Review a data Frame in RStudio with R
Share
There are several functions and commands that allow you to examine a data frame quickly. It helps us to visualize its structure, explore its content, its columns, the formats and types of data present, etc…
inspect the structure of a data frame
Let’s start with a function already explored in the article “Examining a Data Frame” the str() function. It allows us to visualize the details of the structure of a data frame and thus observed a description of its content. The data frame previously created has the following structure:
str(df)
## 'data.frame': 6 obs. of 2 variables:
## $ taille: num 177 167 181 179 168 175
## $ poids : num 71 68 78 75 68 64
It contains 6 observations (the columns) and 2 variables (the rows). The information of the columns “size” and “weight” are in “numeric” formation.
Visualize the column headers
It is sometimes useful to display only the column headers, for example in the case of a particularly large data frame, with a large number of entries. In this case, the name() function is the most suitable
data(murders)
names(murders)
## [1] "state" "abb" "region" "population" "total"
The head() function displays by default the first 6 rows of a data frame and allows to have an overview of it. By default we can add the parameter n = x to define the number of lines to display.
head(murders, n = 3)
## state abb region population total
## 1 Alabama AL South 4779736 135
## 2 Alaska AK West 710231 19
## 3 Arizona AZ West 6392017 232
Knowing the number and length of a variable in a data frame
Several functions allow to go into details about the size and the number of entries in the different variables.
The levels() function gives the list of obs. of a variable,
The length() function gives the length/number of obs. of a variable.
levels(murders$region)
[1] "Northeast" "South" "North Central" "West"
length(murders$region)
[1] 51
We can see with these two functions that in the variable “region” of the data frame murders (present in the package dslabs) the unique observations are “Northeast/South/North Central/West”. Moreover its length is 51 lines.
By combining the two functions we get the length/number of unique entries in the variable and not the list or the number of lines.

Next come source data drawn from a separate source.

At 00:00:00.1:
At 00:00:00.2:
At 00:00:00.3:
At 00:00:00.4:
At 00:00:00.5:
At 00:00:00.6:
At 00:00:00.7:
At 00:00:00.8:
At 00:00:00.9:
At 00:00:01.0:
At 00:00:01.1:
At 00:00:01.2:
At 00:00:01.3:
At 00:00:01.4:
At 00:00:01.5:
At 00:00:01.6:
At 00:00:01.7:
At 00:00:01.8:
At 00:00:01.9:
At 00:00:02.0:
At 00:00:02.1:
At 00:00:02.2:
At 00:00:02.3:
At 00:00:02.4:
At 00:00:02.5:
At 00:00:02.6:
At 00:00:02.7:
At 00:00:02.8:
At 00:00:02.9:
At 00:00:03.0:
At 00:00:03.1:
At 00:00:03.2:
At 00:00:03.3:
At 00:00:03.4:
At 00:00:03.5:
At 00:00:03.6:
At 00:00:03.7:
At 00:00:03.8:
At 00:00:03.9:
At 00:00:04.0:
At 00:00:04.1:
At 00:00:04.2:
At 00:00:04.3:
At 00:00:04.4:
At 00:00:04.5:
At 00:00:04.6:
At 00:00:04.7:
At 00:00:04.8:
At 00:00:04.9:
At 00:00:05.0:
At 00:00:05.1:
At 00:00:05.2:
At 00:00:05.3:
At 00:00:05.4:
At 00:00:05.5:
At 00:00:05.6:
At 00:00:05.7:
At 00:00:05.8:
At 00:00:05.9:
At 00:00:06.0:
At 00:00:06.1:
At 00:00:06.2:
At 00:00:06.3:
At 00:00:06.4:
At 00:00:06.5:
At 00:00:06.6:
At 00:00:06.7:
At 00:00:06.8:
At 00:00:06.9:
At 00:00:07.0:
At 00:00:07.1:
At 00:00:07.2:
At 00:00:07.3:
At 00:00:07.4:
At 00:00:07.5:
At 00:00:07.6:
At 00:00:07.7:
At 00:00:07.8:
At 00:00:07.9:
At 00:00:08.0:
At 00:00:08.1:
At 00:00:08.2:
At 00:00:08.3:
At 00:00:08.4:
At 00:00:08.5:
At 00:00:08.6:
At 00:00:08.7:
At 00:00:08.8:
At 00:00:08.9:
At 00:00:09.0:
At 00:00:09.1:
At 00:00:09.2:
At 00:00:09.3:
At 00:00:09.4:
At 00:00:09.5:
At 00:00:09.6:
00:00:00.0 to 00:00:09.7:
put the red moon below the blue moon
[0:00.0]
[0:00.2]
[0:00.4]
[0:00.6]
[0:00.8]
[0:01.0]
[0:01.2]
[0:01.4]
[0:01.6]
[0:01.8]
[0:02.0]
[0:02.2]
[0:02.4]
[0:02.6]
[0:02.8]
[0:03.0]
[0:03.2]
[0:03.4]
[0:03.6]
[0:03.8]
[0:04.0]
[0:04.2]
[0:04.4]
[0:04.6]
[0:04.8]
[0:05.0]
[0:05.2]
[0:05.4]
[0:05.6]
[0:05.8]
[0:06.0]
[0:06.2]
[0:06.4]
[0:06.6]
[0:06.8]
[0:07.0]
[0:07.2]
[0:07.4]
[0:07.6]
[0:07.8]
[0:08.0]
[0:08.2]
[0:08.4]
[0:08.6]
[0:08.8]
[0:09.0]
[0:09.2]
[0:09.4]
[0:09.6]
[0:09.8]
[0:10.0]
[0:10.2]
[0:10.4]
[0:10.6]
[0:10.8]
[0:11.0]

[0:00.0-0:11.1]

We can see that there are 4 different entries (previously mentioned)
length(levels(murders$region))
[1] 4
Knowing the minimum and maximum values of a numeric variable in RStudio
There are 4 main functions to get the min/max values or their position in a data frame.
The max() or min() functions display the largest or smallest values of a variable.
While the functions which.max() and which.min() give the input/line numbers of the minimum and maximum values.
max(murders$total)
## [1] 1257
which.max(murders$total)
## [1] 5
# The largest entry is located in the 5th line, its value is 1257.
min(murders$total)
## [1] 2
which.min(murders$total)
## [1] 46
#The smallest entry is located at the 46th line, its value is 2.